RECORDS TO USE:

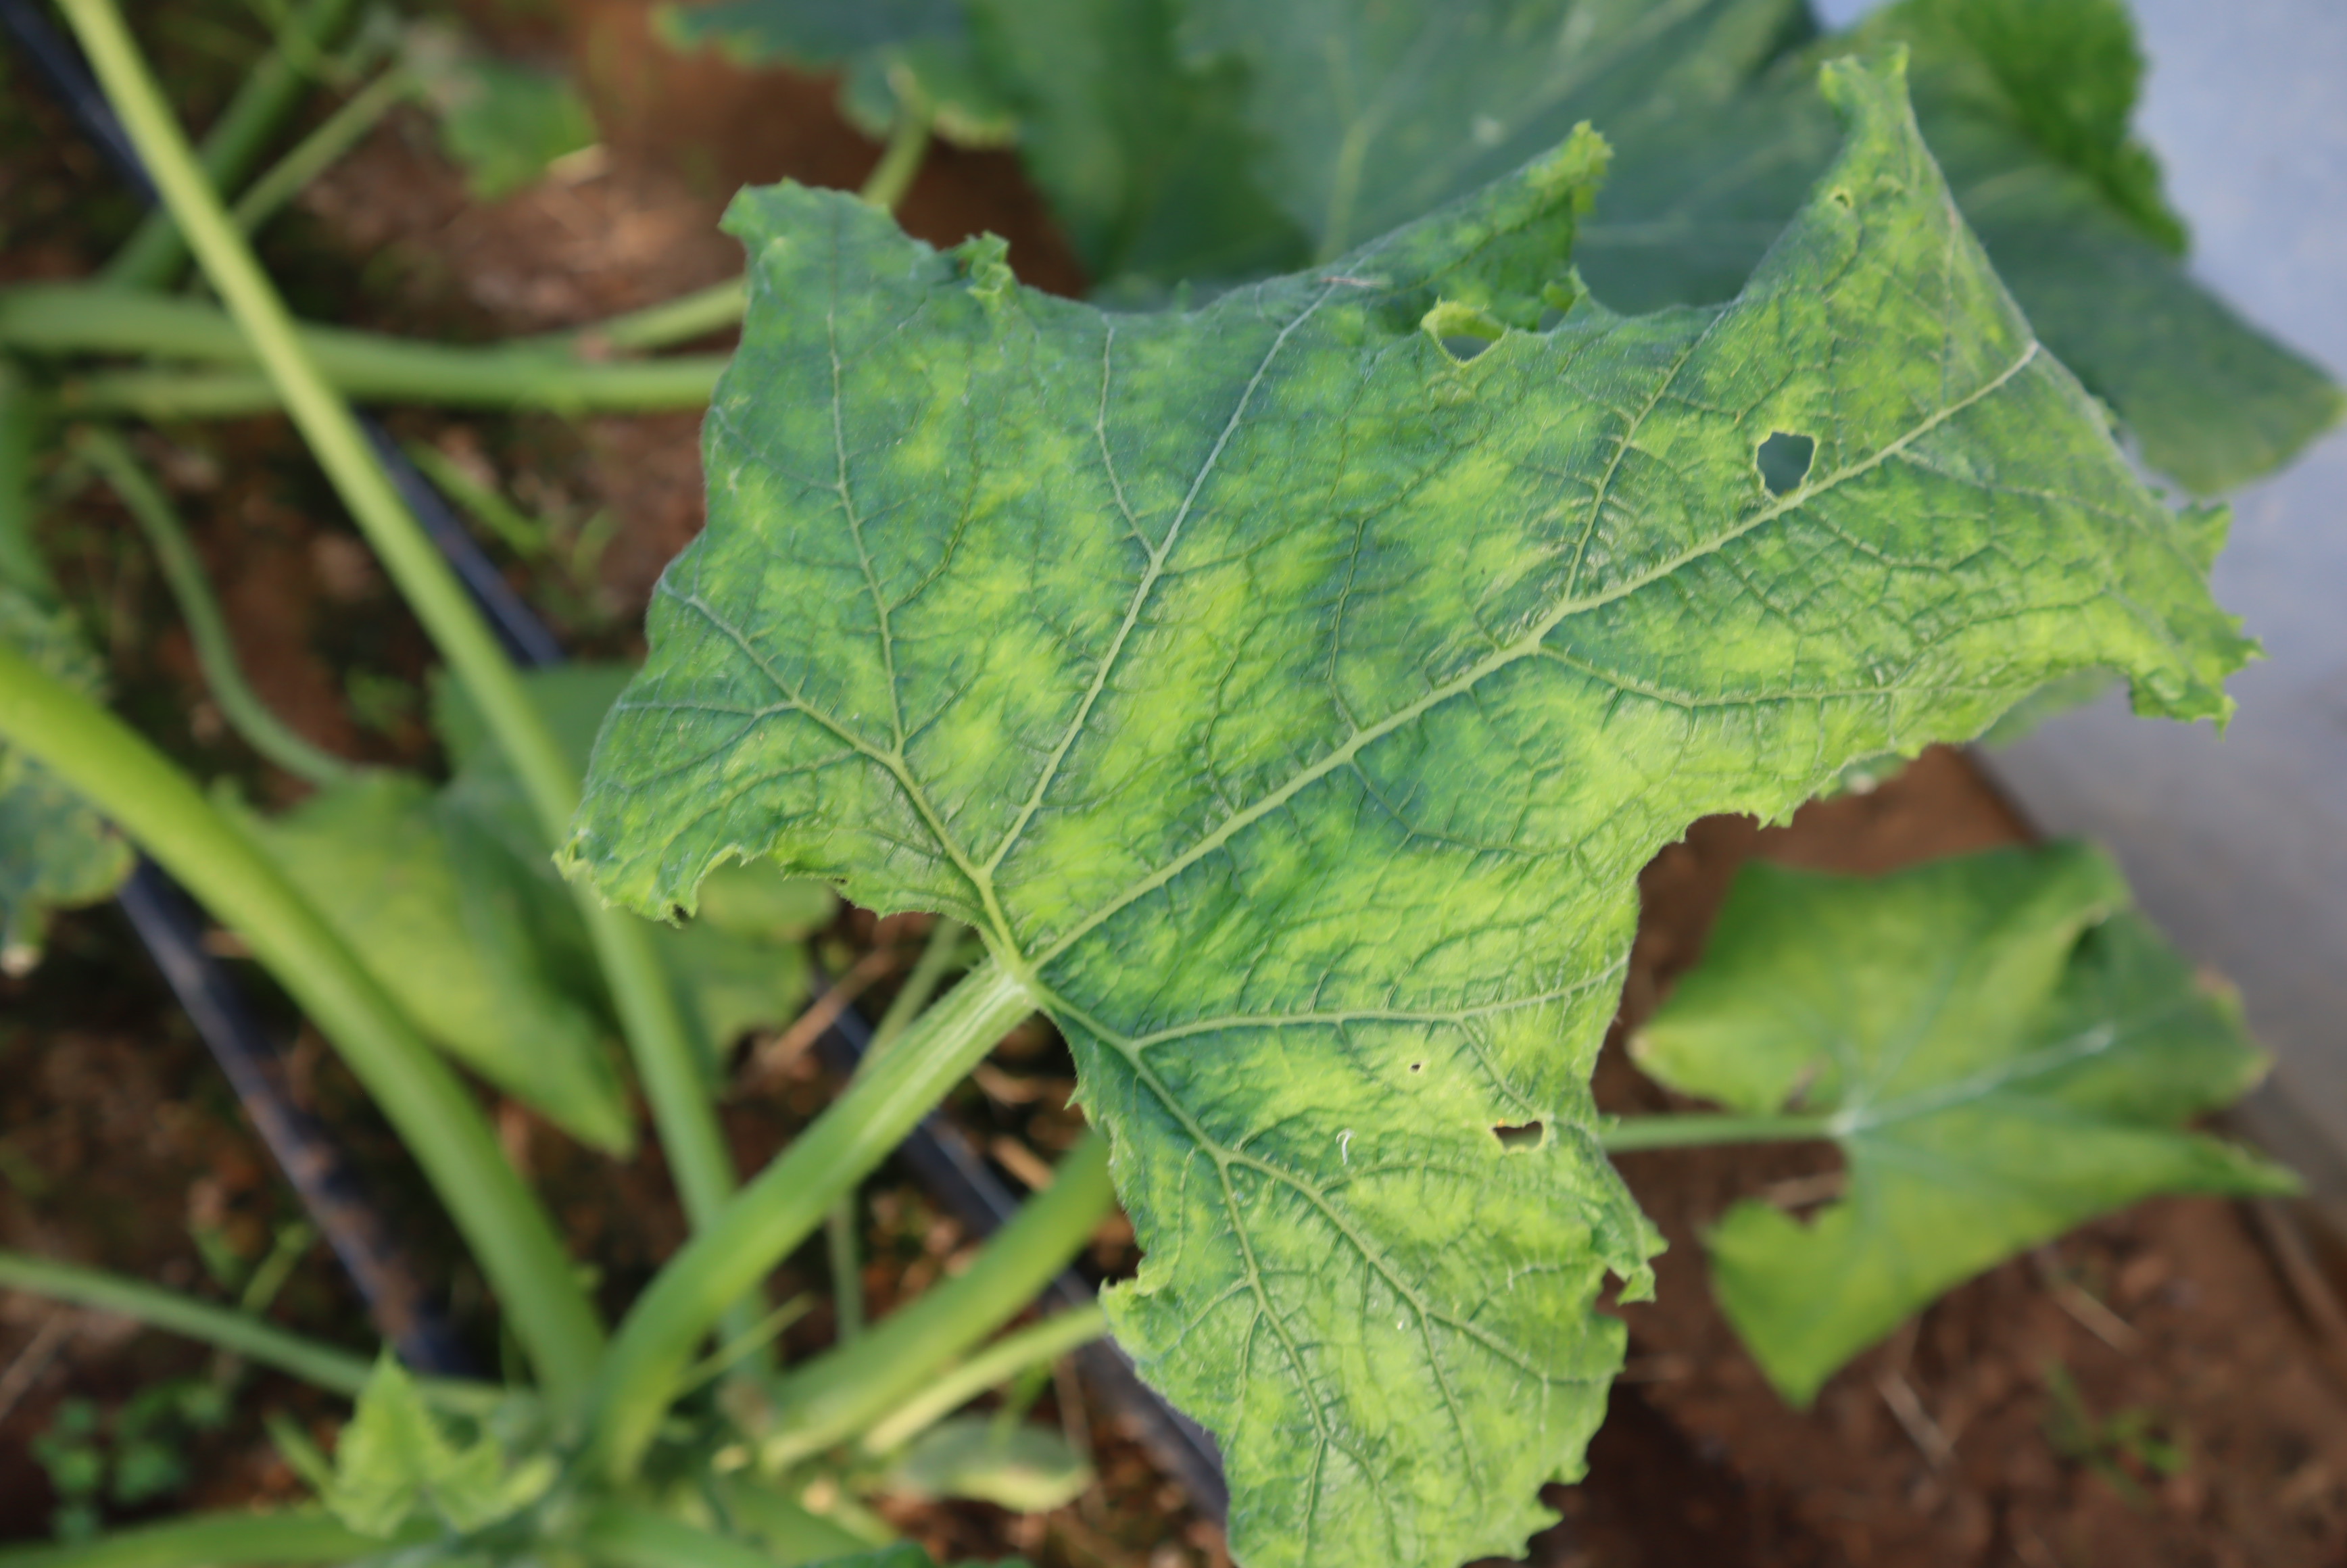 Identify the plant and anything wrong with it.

* * *

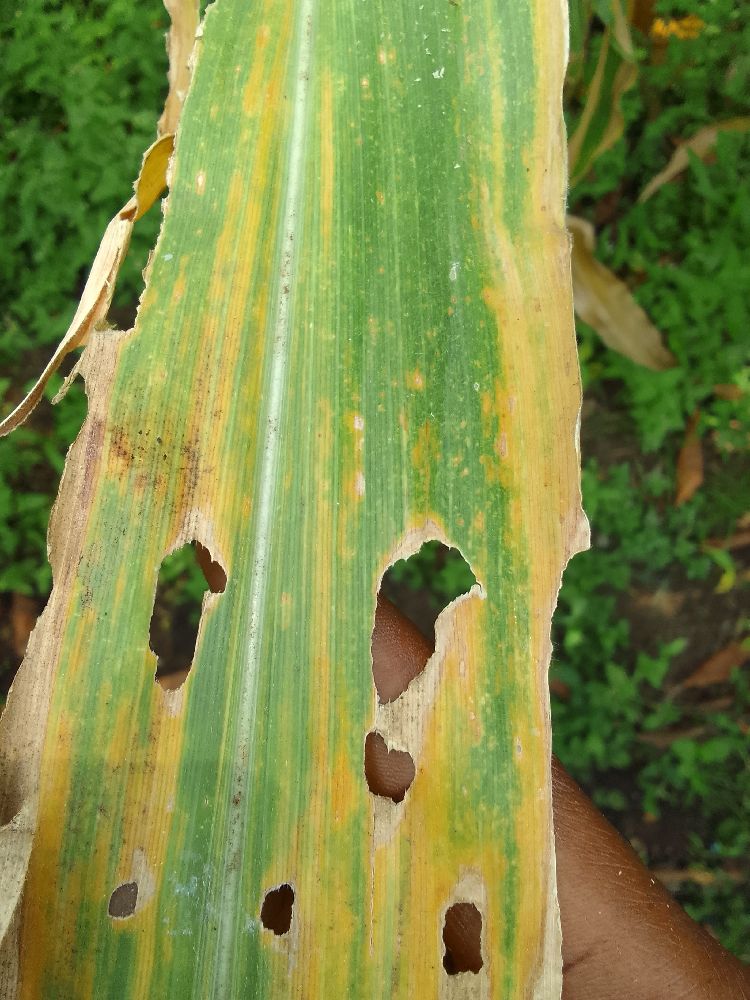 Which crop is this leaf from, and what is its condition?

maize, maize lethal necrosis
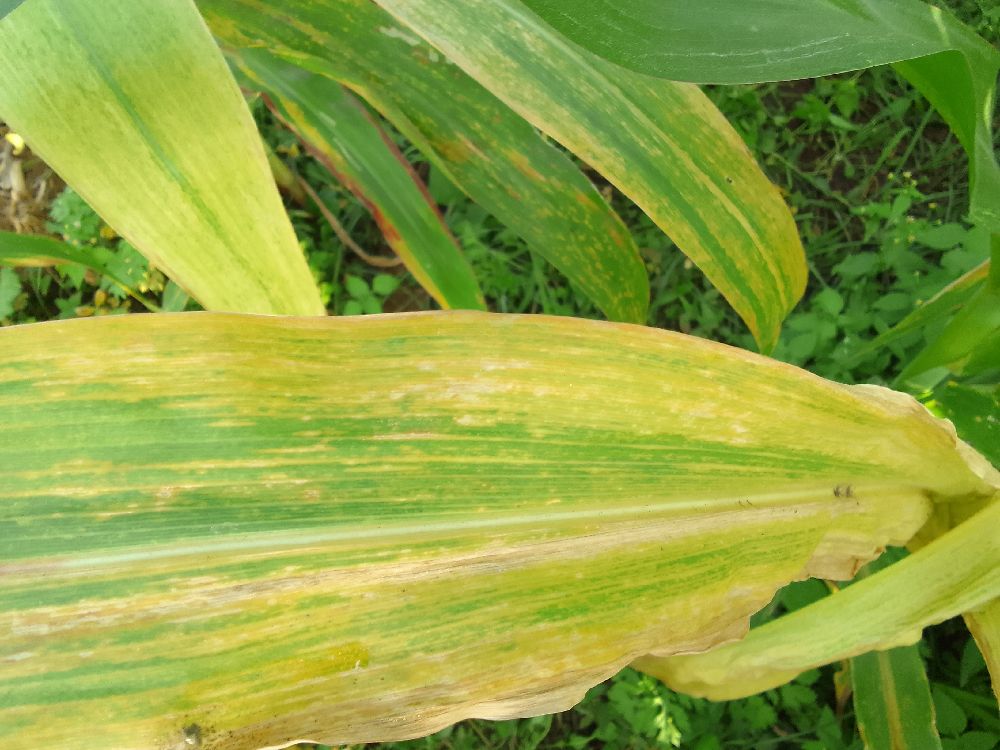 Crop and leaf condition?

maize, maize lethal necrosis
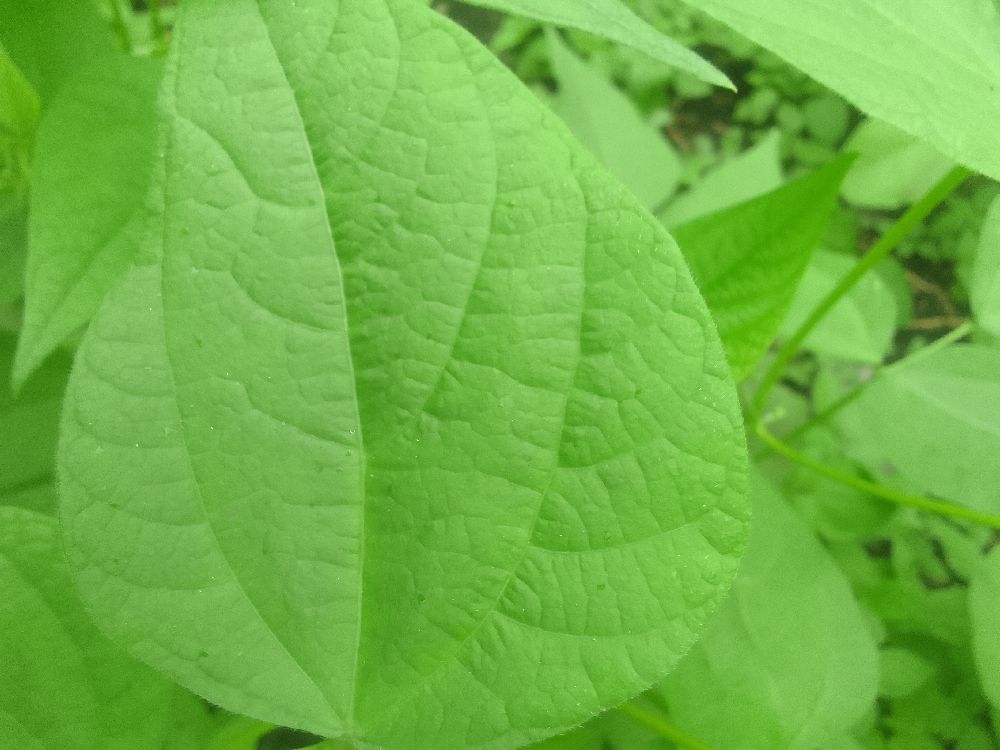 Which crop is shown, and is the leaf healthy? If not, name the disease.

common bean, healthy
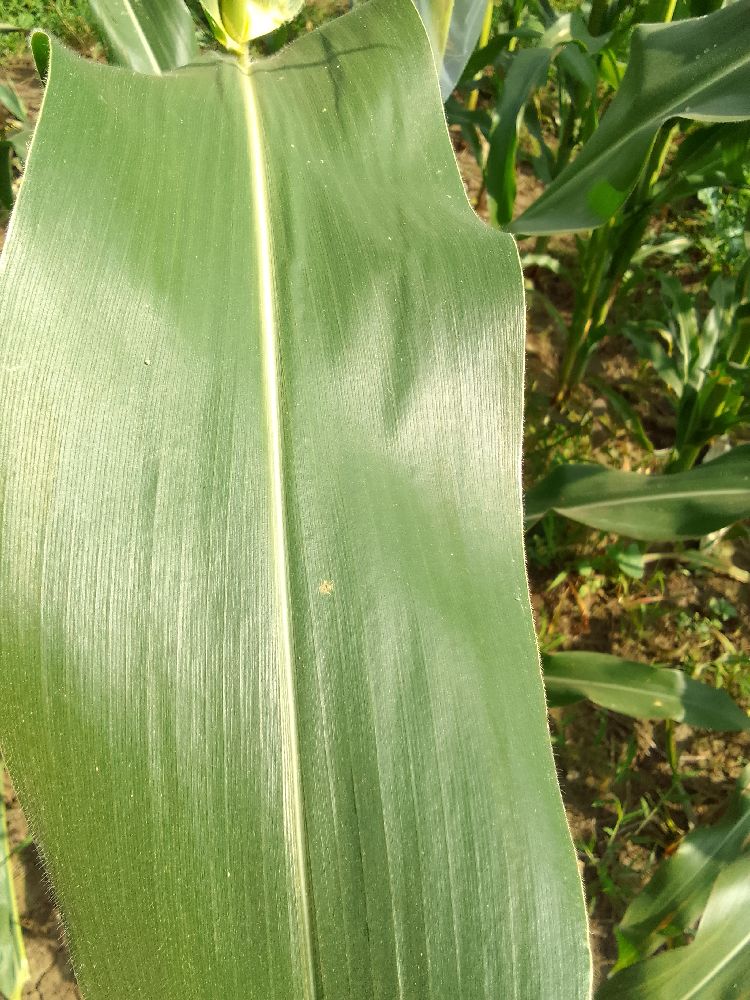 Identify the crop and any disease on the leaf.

--

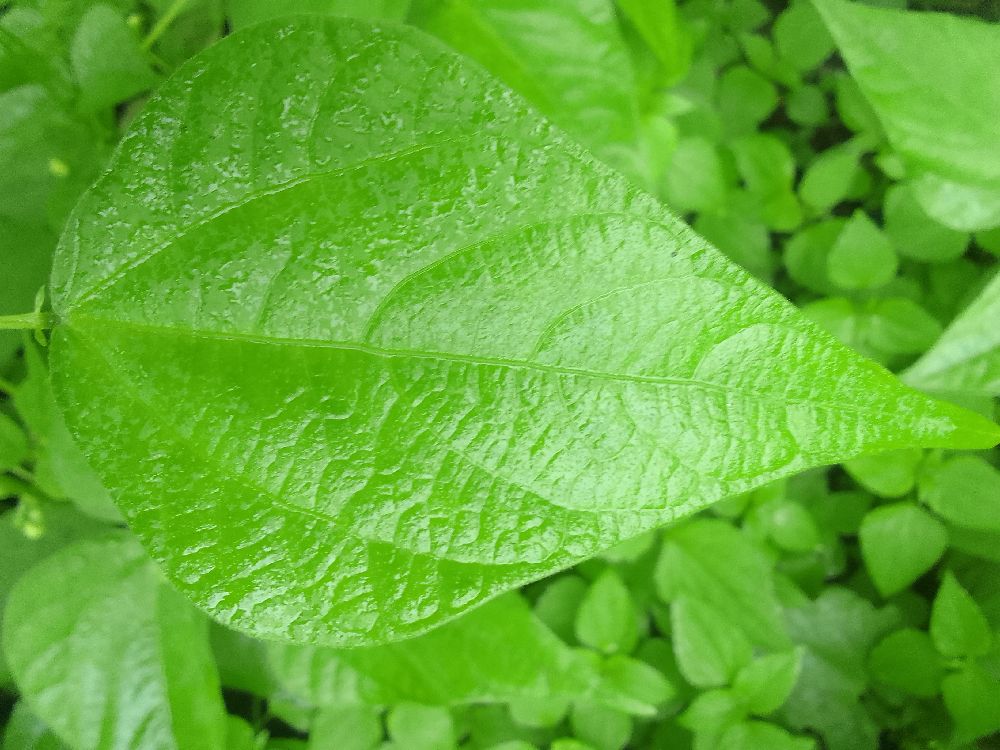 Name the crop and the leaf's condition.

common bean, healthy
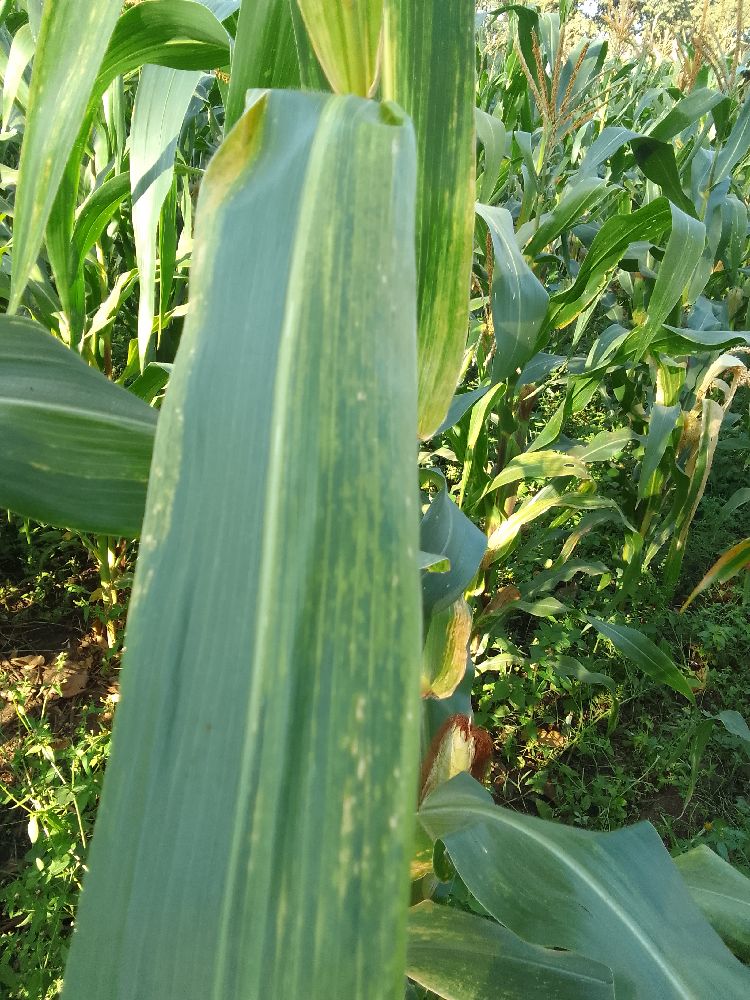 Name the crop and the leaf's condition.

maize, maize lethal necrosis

EXERCISE INSTRUCTIONS:
Among the entries above, take the line with "Which crop is this", the line with "Identify the crop", and all the lines between them, and restate them word for word without pictures.

RESPONSE TO THIS EXERCISE:
 Which crop is this leaf from, and what is its condition?

maize, maize lethal necrosis
 Crop and leaf condition?

maize, maize lethal necrosis
 Which crop is shown, and is the leaf healthy? If not, name the disease.

common bean, healthy
 Identify the crop and any disease on the leaf.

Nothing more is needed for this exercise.